**Problem to solve:**
From the records below, print exactly the lines starting at the one containing "Q: x-height? A: Small." and ending at the one containing "The image shows 29 px bold", ends included, and nothing else.

**Material shown:**
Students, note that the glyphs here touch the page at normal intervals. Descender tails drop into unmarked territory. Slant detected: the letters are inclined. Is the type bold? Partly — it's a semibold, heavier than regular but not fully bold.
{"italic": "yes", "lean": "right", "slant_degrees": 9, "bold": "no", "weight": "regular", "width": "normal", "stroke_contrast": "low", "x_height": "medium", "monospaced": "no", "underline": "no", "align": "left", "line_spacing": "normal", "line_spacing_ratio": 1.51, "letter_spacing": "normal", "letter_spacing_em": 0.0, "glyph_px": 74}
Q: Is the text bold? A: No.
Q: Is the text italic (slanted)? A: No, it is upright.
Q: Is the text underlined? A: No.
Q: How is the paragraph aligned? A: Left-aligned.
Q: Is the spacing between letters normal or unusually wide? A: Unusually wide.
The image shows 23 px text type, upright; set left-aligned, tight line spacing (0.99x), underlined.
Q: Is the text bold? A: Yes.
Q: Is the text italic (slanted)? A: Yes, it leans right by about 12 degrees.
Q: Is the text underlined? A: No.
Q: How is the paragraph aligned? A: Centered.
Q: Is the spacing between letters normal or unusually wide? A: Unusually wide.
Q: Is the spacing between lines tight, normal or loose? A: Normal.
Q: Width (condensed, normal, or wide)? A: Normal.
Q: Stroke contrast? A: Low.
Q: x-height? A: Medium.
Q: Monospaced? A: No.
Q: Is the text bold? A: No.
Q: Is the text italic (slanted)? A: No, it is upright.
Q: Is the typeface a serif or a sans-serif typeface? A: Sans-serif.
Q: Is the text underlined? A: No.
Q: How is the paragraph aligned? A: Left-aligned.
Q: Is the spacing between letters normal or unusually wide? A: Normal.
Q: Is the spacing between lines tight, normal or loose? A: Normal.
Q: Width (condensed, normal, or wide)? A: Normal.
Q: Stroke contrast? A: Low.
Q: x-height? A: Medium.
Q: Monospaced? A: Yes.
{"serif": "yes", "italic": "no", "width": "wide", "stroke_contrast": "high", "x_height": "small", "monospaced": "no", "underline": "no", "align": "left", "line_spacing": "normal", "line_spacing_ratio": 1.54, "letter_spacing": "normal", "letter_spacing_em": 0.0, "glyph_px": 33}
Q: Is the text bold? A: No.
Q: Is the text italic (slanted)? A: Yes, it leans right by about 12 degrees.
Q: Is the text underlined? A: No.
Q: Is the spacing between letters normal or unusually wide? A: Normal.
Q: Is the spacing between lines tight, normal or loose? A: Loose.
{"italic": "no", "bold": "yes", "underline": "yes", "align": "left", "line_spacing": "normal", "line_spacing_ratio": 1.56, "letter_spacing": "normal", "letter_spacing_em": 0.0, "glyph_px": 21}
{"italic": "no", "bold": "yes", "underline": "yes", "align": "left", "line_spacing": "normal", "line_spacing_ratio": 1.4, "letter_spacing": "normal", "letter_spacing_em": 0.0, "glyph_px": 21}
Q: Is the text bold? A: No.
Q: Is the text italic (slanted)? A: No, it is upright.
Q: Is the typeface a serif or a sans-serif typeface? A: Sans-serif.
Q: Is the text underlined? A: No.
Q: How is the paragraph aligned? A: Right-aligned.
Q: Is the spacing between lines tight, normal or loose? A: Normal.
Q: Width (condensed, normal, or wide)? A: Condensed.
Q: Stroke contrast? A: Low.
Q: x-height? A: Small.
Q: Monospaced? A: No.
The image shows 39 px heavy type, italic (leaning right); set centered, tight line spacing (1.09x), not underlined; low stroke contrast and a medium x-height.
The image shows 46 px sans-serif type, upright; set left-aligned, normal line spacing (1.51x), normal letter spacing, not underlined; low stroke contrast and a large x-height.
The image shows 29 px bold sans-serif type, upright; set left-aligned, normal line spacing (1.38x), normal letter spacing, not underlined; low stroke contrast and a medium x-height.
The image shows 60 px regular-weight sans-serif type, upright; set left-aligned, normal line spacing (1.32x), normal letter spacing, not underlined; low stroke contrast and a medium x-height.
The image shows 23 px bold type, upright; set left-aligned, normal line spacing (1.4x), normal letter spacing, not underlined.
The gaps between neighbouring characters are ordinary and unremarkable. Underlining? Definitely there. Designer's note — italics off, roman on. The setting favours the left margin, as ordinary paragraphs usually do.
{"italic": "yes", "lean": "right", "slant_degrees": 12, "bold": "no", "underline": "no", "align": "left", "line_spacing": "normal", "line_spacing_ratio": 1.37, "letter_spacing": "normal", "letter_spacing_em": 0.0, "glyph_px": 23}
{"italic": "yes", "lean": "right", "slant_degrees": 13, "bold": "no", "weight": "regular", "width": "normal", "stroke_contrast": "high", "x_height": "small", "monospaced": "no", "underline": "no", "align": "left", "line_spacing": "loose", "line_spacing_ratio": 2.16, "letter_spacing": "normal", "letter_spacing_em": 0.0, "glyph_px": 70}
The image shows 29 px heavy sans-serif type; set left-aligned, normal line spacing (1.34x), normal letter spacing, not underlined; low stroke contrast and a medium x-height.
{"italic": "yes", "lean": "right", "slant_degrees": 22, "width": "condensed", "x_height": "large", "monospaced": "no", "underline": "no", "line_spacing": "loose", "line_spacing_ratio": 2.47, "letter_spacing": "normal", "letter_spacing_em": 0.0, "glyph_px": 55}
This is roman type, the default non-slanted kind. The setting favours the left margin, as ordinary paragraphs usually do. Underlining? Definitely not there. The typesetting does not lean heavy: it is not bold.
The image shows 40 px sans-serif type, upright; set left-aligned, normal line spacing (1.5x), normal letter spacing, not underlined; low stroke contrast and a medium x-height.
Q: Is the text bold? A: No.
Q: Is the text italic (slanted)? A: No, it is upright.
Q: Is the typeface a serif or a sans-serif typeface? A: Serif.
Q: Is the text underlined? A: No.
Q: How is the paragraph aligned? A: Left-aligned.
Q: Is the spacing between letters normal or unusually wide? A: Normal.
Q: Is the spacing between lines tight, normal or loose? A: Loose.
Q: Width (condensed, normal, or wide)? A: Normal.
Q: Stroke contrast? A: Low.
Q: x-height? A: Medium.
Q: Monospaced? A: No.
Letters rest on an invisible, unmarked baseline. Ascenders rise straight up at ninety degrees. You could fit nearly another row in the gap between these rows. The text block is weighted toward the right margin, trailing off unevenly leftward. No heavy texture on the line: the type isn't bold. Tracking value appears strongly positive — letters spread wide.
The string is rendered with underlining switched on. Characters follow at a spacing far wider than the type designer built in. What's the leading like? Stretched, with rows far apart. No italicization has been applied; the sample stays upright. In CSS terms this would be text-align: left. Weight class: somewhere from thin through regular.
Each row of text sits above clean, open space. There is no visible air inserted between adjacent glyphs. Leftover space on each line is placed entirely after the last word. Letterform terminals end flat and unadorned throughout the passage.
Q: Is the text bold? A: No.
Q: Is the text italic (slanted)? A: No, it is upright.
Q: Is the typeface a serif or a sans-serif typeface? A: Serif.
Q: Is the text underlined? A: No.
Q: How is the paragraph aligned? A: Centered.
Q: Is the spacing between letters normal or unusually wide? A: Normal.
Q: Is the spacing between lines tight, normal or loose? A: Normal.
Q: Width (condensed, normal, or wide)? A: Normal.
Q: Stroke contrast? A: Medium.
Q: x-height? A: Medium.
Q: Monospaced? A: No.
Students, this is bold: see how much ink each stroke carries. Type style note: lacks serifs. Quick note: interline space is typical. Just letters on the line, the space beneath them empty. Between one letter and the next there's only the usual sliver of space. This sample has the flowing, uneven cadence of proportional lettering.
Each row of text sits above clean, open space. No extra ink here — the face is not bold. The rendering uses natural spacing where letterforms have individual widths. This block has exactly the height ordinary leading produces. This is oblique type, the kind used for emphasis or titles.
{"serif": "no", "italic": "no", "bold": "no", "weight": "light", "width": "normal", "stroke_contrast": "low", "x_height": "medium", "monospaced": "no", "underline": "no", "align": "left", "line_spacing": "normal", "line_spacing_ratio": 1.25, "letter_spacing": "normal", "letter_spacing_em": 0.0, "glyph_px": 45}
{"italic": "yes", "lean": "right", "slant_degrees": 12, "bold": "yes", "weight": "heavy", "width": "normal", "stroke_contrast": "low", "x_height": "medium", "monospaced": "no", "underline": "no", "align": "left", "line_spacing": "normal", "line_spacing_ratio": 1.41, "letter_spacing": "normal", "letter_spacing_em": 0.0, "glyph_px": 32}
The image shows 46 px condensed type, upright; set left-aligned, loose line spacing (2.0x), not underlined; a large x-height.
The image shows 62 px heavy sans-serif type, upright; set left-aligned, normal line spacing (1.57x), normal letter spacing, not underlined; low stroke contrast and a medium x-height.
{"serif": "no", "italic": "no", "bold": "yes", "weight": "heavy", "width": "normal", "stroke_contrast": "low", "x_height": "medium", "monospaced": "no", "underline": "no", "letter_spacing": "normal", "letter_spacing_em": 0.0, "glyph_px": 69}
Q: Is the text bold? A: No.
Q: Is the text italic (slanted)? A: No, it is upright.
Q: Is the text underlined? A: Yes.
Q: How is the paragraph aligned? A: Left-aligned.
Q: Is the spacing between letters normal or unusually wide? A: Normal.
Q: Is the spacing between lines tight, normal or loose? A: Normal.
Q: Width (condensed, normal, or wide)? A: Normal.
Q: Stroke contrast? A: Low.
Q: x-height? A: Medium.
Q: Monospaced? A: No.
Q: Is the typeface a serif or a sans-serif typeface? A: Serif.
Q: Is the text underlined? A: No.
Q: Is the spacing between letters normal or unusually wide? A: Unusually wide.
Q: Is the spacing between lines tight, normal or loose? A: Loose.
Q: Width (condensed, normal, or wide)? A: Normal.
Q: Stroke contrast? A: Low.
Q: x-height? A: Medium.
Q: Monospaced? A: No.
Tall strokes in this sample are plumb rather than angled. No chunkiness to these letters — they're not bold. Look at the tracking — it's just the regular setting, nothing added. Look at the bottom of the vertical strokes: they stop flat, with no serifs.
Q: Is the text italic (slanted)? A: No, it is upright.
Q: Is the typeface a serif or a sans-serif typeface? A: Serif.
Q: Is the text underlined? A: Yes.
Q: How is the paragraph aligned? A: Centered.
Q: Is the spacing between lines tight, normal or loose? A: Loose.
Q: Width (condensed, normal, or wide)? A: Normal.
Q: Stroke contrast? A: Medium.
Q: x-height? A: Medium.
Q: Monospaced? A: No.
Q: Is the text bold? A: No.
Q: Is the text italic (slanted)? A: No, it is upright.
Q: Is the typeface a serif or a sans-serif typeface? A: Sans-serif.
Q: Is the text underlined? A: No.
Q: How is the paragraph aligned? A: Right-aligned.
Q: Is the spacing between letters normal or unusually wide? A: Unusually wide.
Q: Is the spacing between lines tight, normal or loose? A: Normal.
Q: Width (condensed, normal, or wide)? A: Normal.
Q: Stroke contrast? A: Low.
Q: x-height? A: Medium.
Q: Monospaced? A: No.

**Result of the task:**
Q: x-height? A: Small.
Q: Monospaced? A: No.
The image shows 39 px heavy type, italic (leaning right); set centered, tight line spacing (1.09x), not underlined; low stroke contrast and a medium x-height.
The image shows 46 px sans-serif type, upright; set left-aligned, normal line spacing (1.51x), normal letter spacing, not underlined; low stroke contrast and a large x-height.
The image shows 29 px bold sans-serif type, upright; set left-aligned, normal line spacing (1.38x), normal letter spacing, not underlined; low stroke contrast and a medium x-height.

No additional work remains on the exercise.